We already know that all living things, from humans to amoebas, reproduce using the same basic method: cell division. DNA, the genetic material inside our cells, has to be copied so that the new offspring cells have the same genetic code as the parent. Let’s see how this process, called DNA replication, works.
The Structure of DNA:
DNA, or Deoxyribonucleic acid, looks like a ladder. This is because it is made up of two long strands of nucleotides whose nitrogen bases meet in the middle. We call this structure the double helix because the long strands twist around each other. The nucleotides that make up the strands in DNA are molecules including a phosphate group, a sugar group, and a nitrogen base. The nitrogen bases in the middle of one strand pair up with the bases of the other, and the way these bases are arranged will determine which genes are coded for. The four nitrogenous bases are A,T,C, and G, and A pairs with T while C pairs with G. This means if a nucleotide on one side of the ladder has a C as its half of the ladder “rung”, then the nucleotide across from it must have a G as its base.
How Replication Works:
Because of this unique structure, DNA replication requires the help of several enzymes, or proteins that act as catalysts in chemical reactions, to ensure that each strand of DNA is copied. This will ensure the daughter cells inherit genes contained in the parent’s double-stranded DNA.
Step One: Opening the Double Helix
In order for replication to begin, a protein we call the initiator unwinds a short length of the double helix to flatten it out. Now a protein called helicase can move in, attaching to the strands and breaking the hydrogen bonds that hold the bases from each strand together. Splitting the double helix can’t just happen anywhere in the chain, however. Helicase attaches to the origin of replication, or a specific sequence of base pairs that make it easier for the strands to separate. This is in the middle of the chain somewhere, so you can picture how unwinding and opening the “ladder” here creates a “replication bubble”. Helicase works its way down the DNA strand until there are two separate chains of polynucleotides.

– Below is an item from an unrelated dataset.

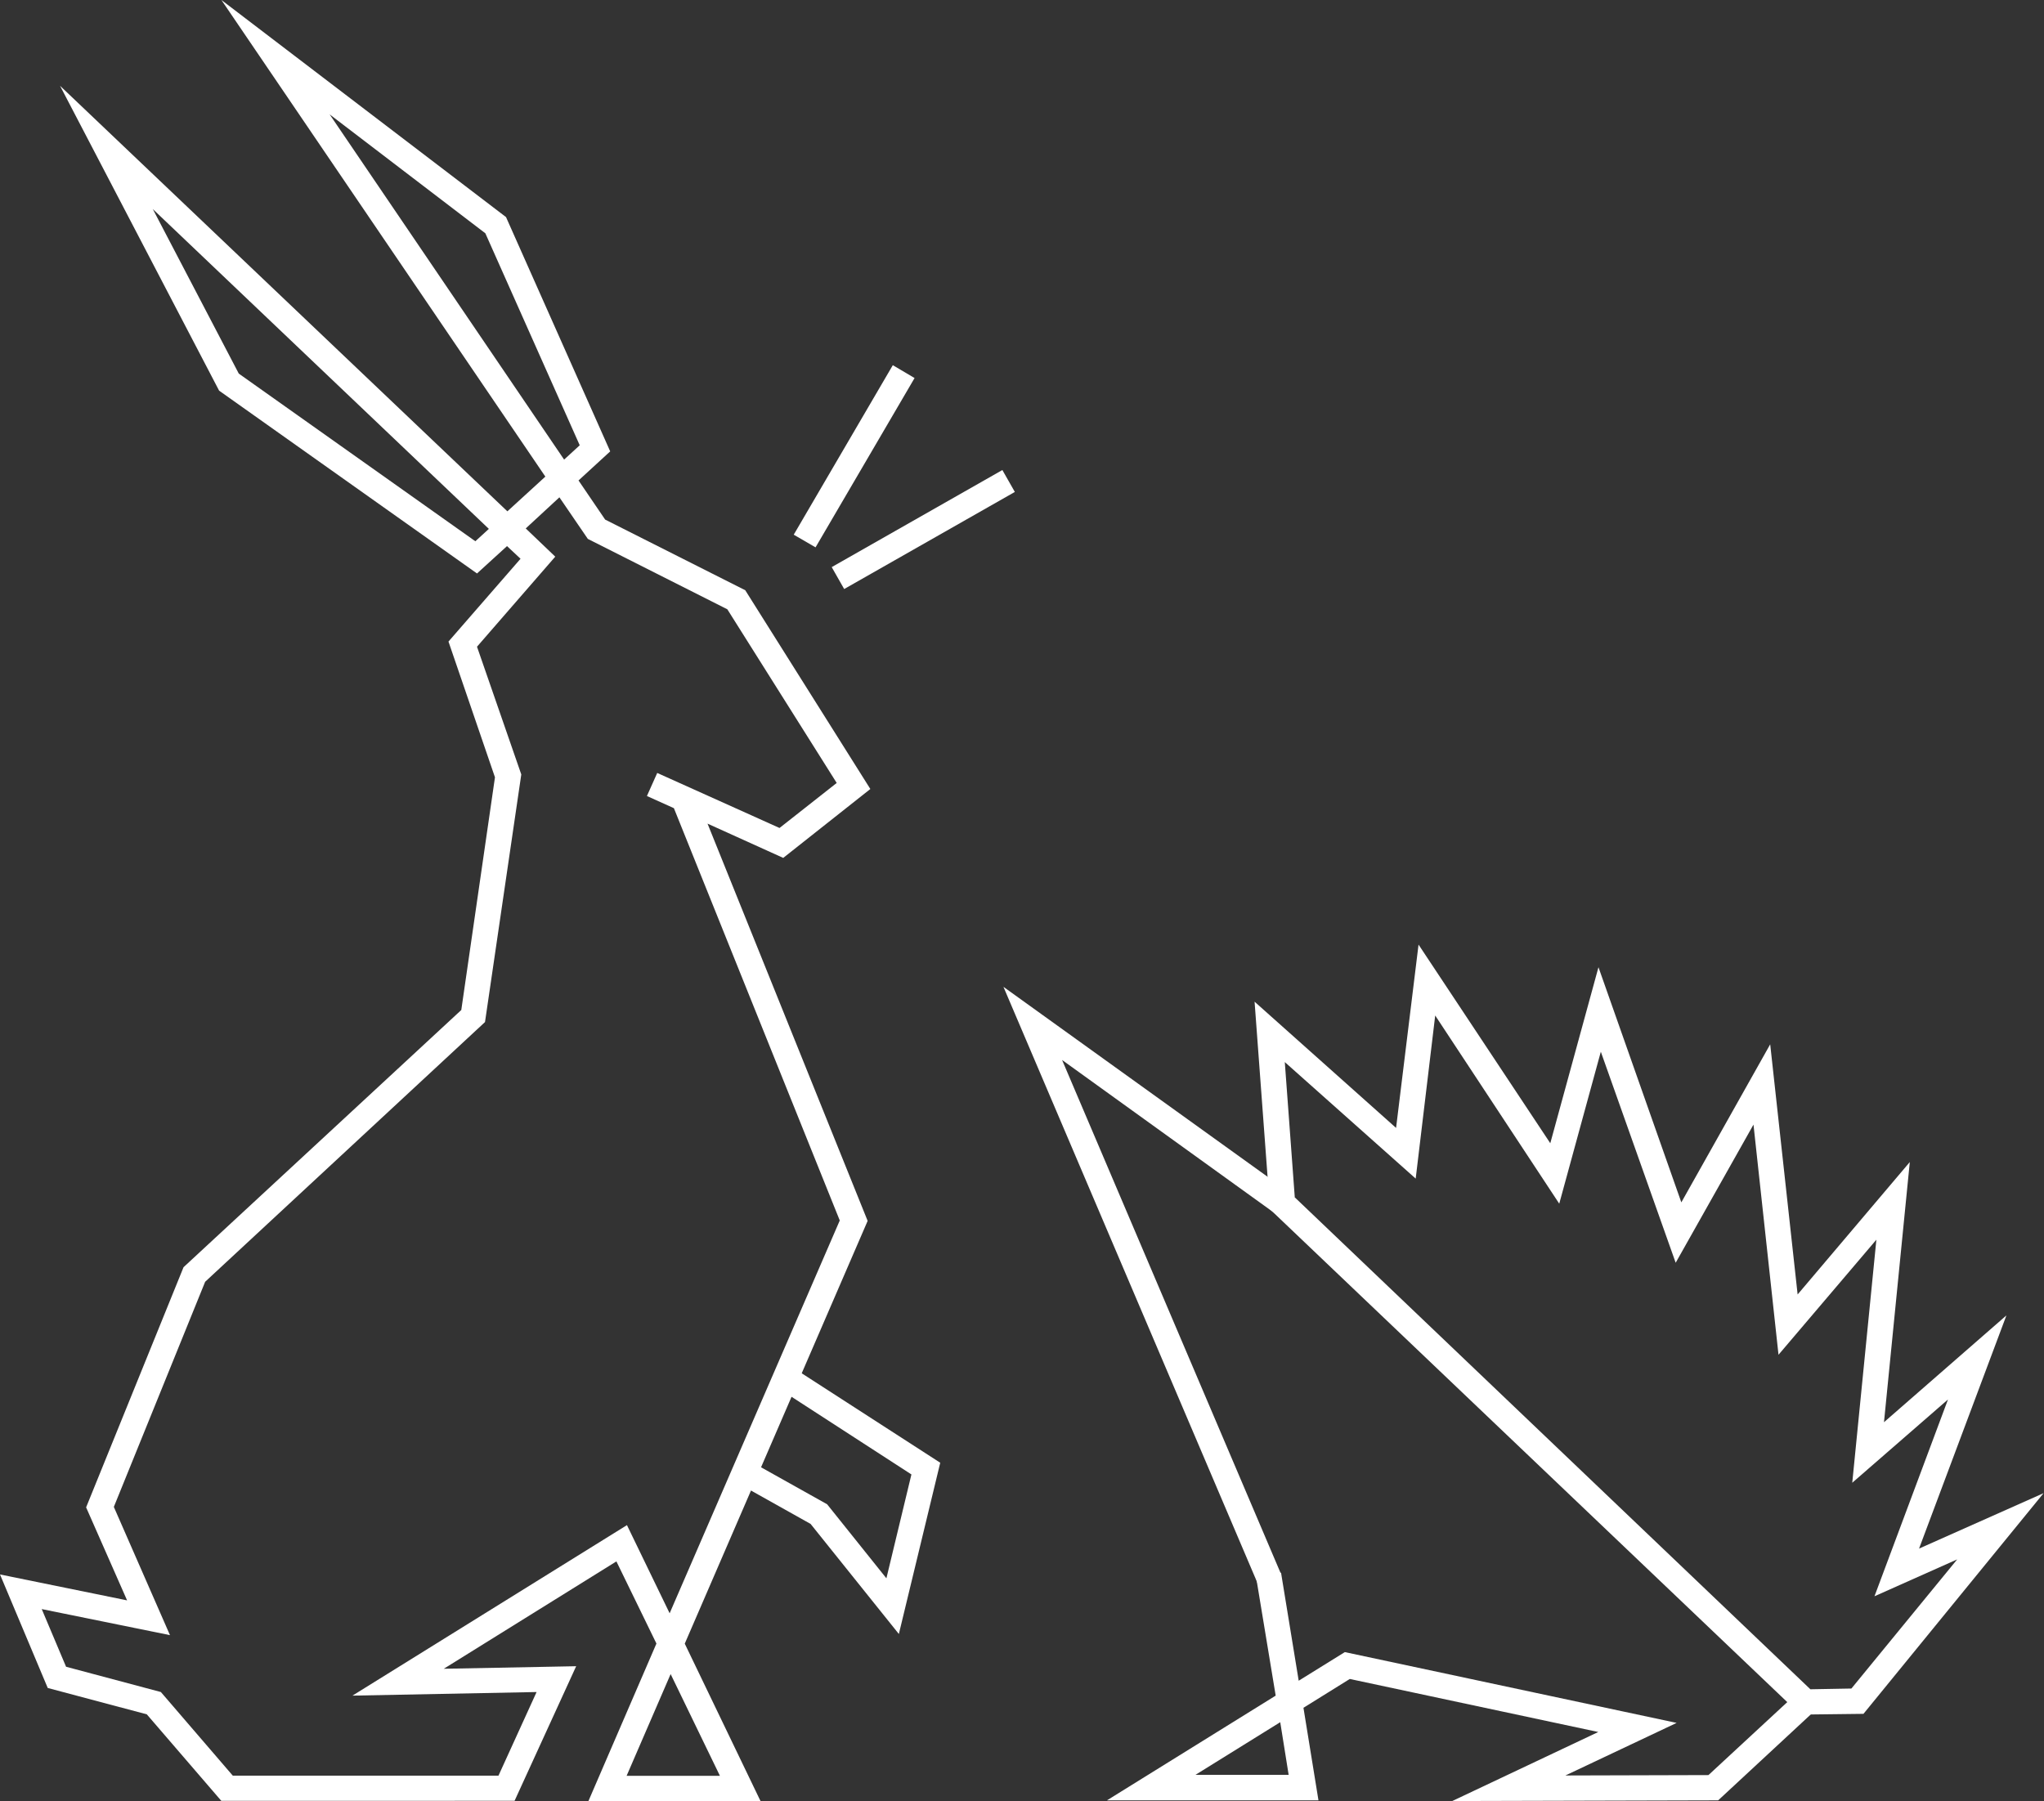 <svg xmlns="http://www.w3.org/2000/svg" xmlns:xlink="http://www.w3.org/1999/xlink" width="40.85" height="36" viewBox="0 0 40.85 36"><rect x="0" y="0" width="40.85" height="36" fill="#333333" stroke="none"/><defs><clipPath id="b"><rect width="40.85" height="36"></rect></clipPath></defs><g id="a" clip-path="url(#b)"><path d="M27.228,27.679l-10.6-10.1L16.32,13.43l2.828,2.523.449-3.664,2.633,3.97.963-3.518,1.656,4.7,1.776-3.159.548,5,2.242-2.647-.516,5.2L31.346,19.7,29.6,24.361l2.489-1.108-3.6,4.411-1.261.015Zm-10.1-10.334,10.3,9.828.82-.015,2.114-2.581-1.653.737,1.469-3.933-1.913,1.664.482-4.858-1.956,2.3-.5-4.6-1.555,2.761L23.24,14.43l-.831,3.037L19.93,13.706l-.39,3.26-2.616-2.329.2,2.709Z" transform="translate(8.753 6.591)" fill="#fff"></path><path d="M12.773,23.133l-1.764-2.2-1.33-.745.247-.439,1.413.791,1.185,1.48.5-2.076-2.709-1.755.273-.424L13.6,19.71Z" transform="translate(5.191 9.526)" fill="#fff"></path><path d="M4.423,35.994,2.934,34.265l-1.98-.527L0,31.469l2.54.518-.819-1.859,1.947-4.8,5.551-5.141.673-4.651-.929-2.713,1.44-1.655-.27-.253-.6.547L4.379,7.808,1.2,1.715,10.14,10.22l.759-.694L4.425,0l5.688,4.339,2.082,4.683-.633.581.532.782,2.8,1.412,2.5,3.973-1.741,1.377-1.513-.685,3.2,7.94-3.655,8.45L15.2,36H11.759l1.36-3.15-.8-1.642L8.869,33.354l2.646-.051-1.231,2.69Zm8.1-.5h1.865l-.985-2.034ZM1.321,33.314l1.894.505,1.438,1.672H9.962l.762-1.672-3.68.072,5.486-3.408.853,1.762,3.4-7.851-3.315-8.241-.539-.243.206-.461,2.444,1.1,1.143-.9-2.186-3.471-2.788-1.407L11.18,9.94l-.673.622.59.564-1.564,1.8.885,2.553-.725,4.949L4.1,25.619l-1.825,4.5,1.122,2.563L.834,32.161l.487,1.154ZM4.772,7.467,9.5,10.818l.27-.247L3.054,4.179ZM6.588,2.286l4.686,6.9.312-.286L9.7,4.663,6.588,2.286Z" fill="#fff"></path><path d="M10.325,8.139l1.98-3.388.435.257L10.761,8.392Z" transform="translate(5.538 2.548)" fill="#fff"></path><rect width="3.924" height="0.504" transform="translate(16.622 11.335) rotate(-29.636)" fill="#fff"></rect><path d="M21.3,25.024l2.919-1.38-4.966-1.06-.926.576.3,1.85H14.4l3.372-2.093-.393-2.377.5-.08.353,2.159.922-.572,6.631,1.415-2.223,1.051,2.859-.008L28.2,22.858l.336.37L26.615,25.01l-5.319.014Zm-3.437-1.576L16.169,24.5h1.862Z" transform="translate(7.723 10.974)" fill="#fff"></path><path d="M18.137,24.771,13.053,12.838l5.732,4.122-.3.41L14.225,14.3,18.6,24.573Z" transform="translate(7.001 6.886)" fill="#fff"></path></g></svg>

Step Two: Priming the Template
While helicase separates the DNA strands, another enzyme called primase attaches to each strand to assemble a specific arrangement of nucleotides called the primer. This is important because the protein that actually replicates DNA, called DNA polymerase, can only add new DNA molecules to an already-existing strand of nucleotides. The primer will usually be made up of about 18-22 bases and is removed later in the process.
Step Three: Generating the Copy
DNA polymerase wraps itself around each single strand and attaches one nucleotide for each exposed base. The bases inserted will be complementary to the bases on the template strand, which ensures that the new strand will contain the same sequence. The process of replication is fairly quick, occuring at 50 nucleotides per second in human DNA, thanks to multiple polymerases that can synthesize at the same time. This means while one strand of the original template DNA is replicated, the other is being replicated as well. One of the strands will be referred to as the leading strand – this one is synthesized continuously. The other strand is known as the lagging strand and is copied in shorter separate fragments that are eventually connected together. This has to happen because DNA polymerase can only synthesize DNA in one direction, but the strands run opposite to each other. The smaller fragments of the new DNA strand that have to be joined together are referred to as Okazaki fragments. They are sealed together into one continuous strand by an enzyme called DNA ligase.
DNA polymerase is an amazing enzyme – it actually proofreads its own work and removes most of the incorrect nucleotides that are accidentally added to the new copy strand. Another protein that keeps things running smoothly is called topoisomerase, which makes temporary cuts in the helix ahead of the replication bubble to ensure the rest of the DNA doesn’t get too tightly wound up. Topoisomerase then seals up any cuts it makes during the replication process.
Last Step: Creating the New Double Strand
After the DNA strands are proofread, DNA ligase seals up the copies into two continuous double strands. The DNA will automatically wind up into a double helix itself. Once the process is over, you will be left with two double-stranded DNA molecules, and each will contain one strand that was part of the original that was copied, and one new strand that DNA polymerase synthesized. This is why we describe DNA replication as semi-conservative – because part of the new DNA is the exact same as the original.